KR20040000081A - Structure of exhaust manifold - Google Patents

Abstract

PURPOSE: Structure of an exhaust manifold for improving performance of an engine is provided to increase the amount of suction air, and to improve torque and output of the engine at low and middle speed driving ranges by minimizing counter flow of exhaust gas in opening an intake valve with preventing reflection of exhaust pressure and exhaust interference in exhausting. CONSTITUTION: First, second, third and fourth runners(2¯5) are formed in a flange(1) to guide and discharge exhaust gas from each cylinder of an engine, and combined with the exhaust part of the engine.
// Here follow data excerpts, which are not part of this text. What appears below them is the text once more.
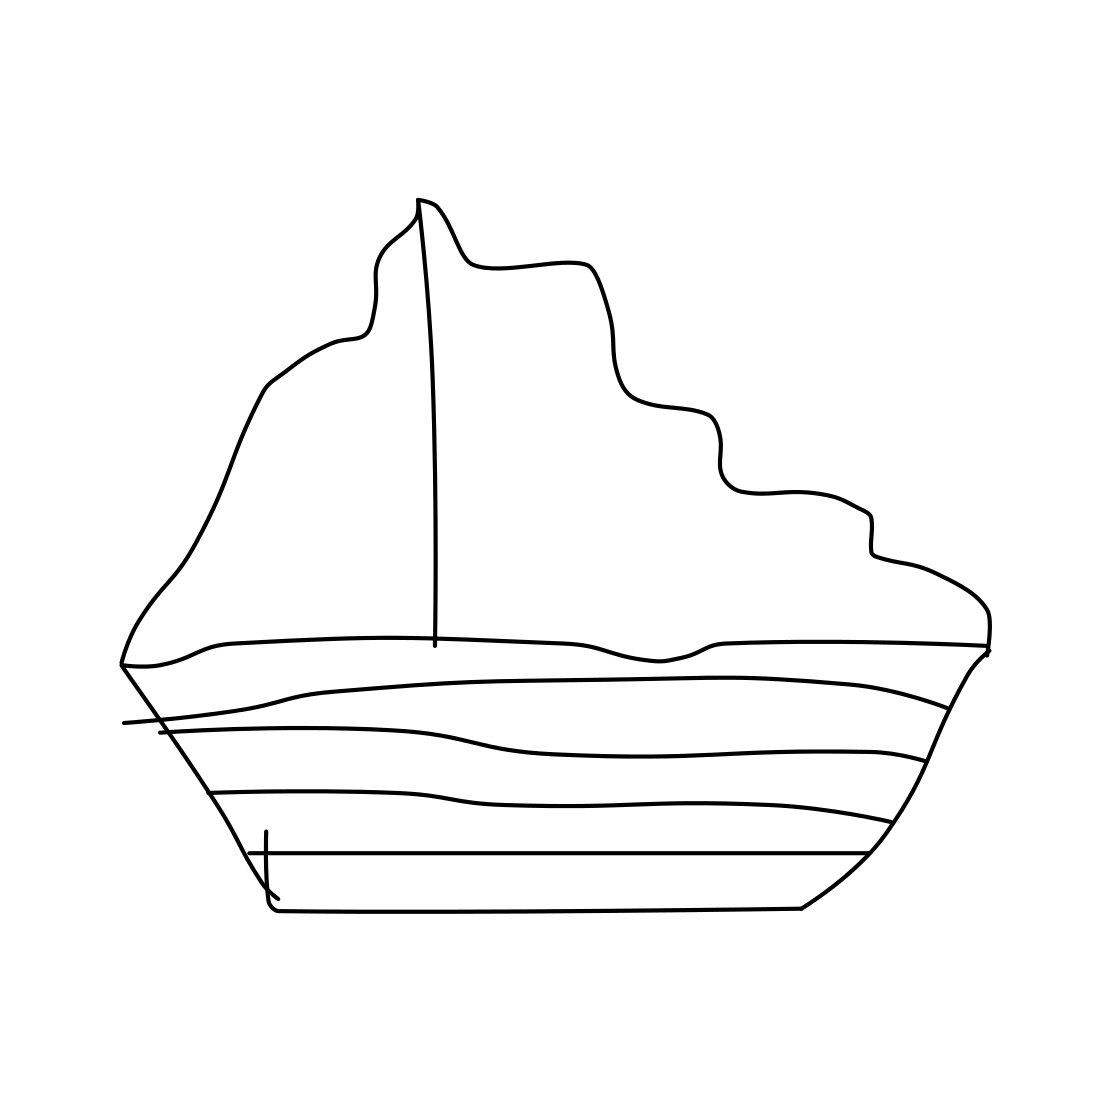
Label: ship
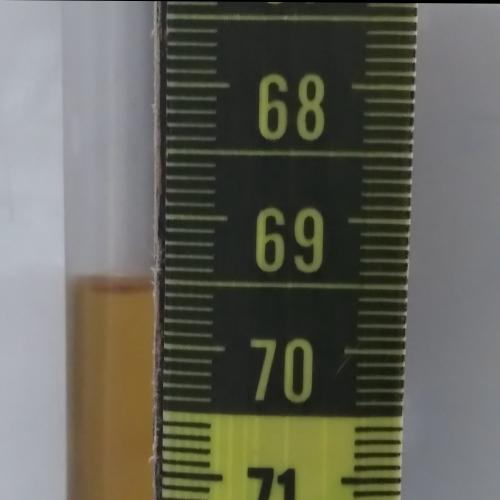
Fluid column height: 69.6 cm
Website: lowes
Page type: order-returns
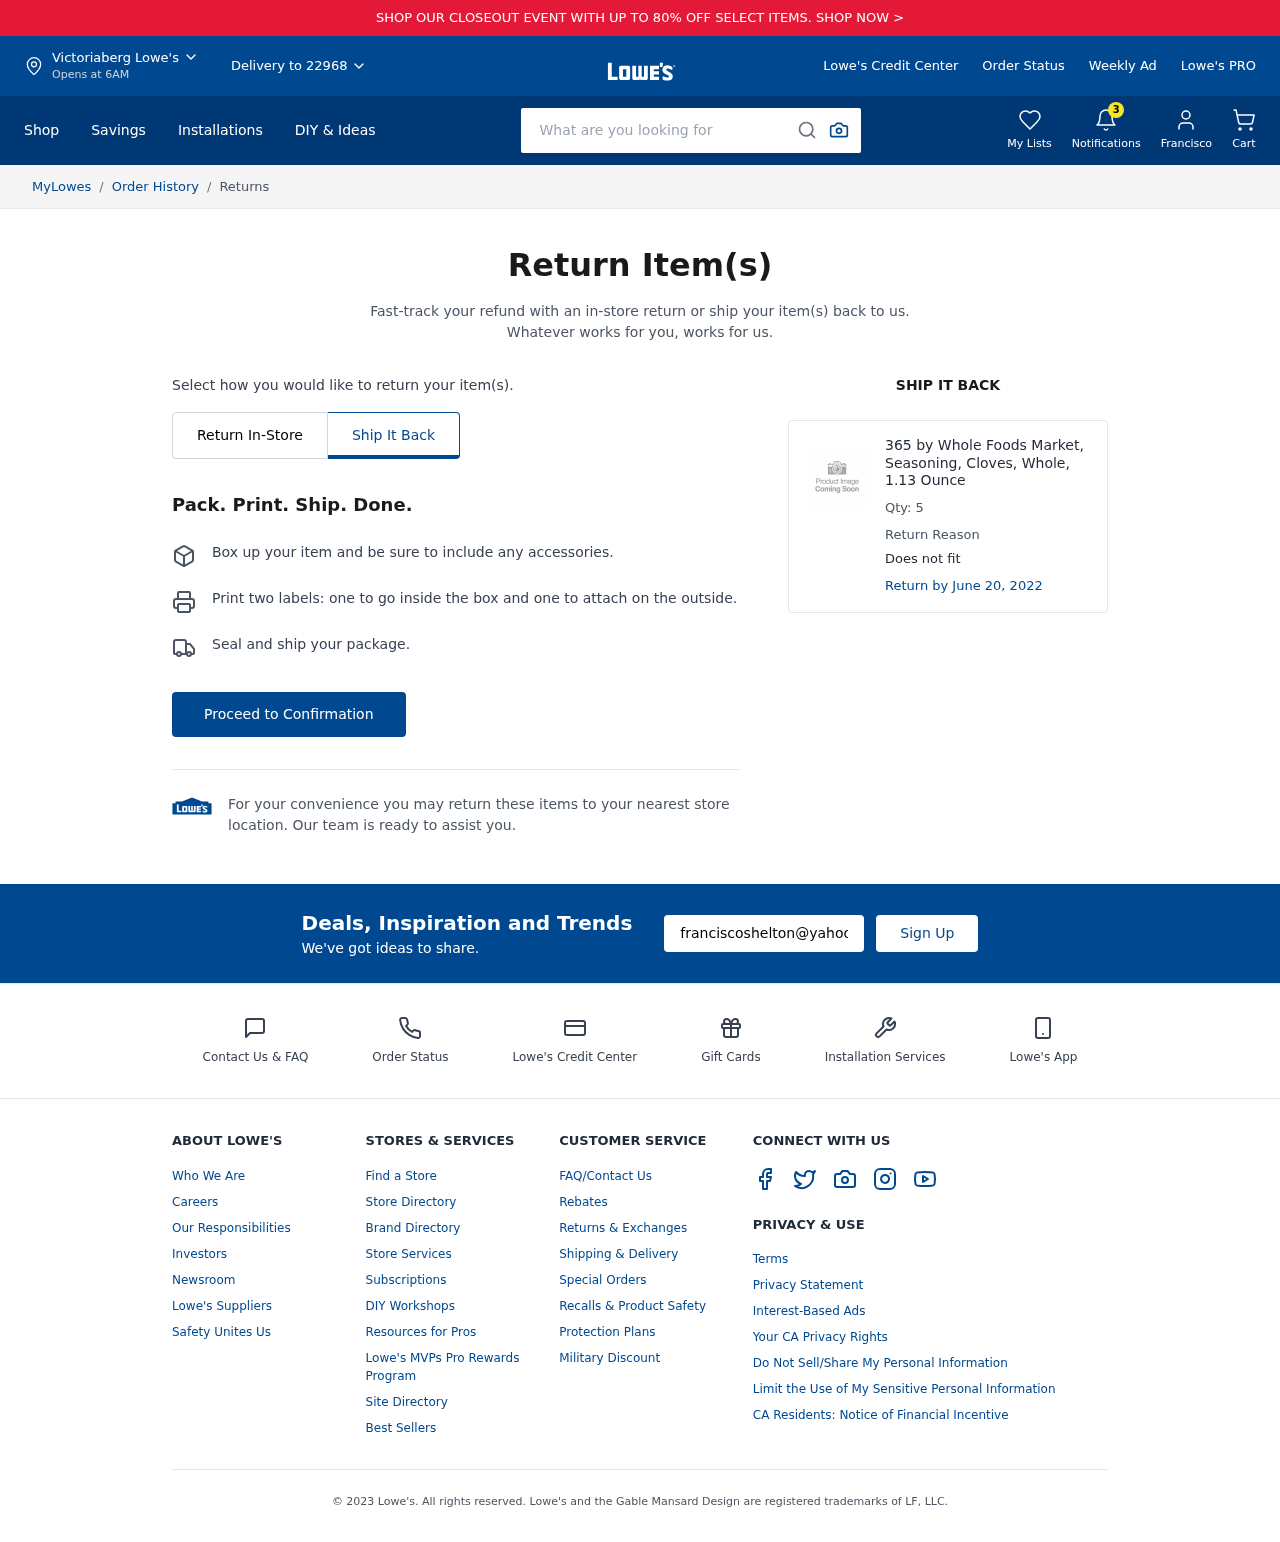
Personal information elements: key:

Four runners are streamlined to easily discharge exhaust gas, and the length of each runner is the same. A first confluence part(10) is formed in the ends of four runners to join first and fourth runners and second and third runners and discharge exhaust gas backward. The first confluence part comprises a first confluence pipe(12) joining the first runner and the fourth runner, and a second confluence pipe(13) joining the second runner and the third runner.

Description

Structure of exhaust manifold for improving engine performance

The present invention relates to an exhaust manifold structure for improving engine performance, and in particular, by minimizing reflected wave generation and exhaust interference of exhaust pressure during exhaust operation, minimizing reverse flow of exhaust gas when opening the intake valve, thereby increasing air intake. The present invention relates to an exhaust manifold structure for improving engine performance by which torque and power in a medium-low speed drive section of an engine are greatly improved.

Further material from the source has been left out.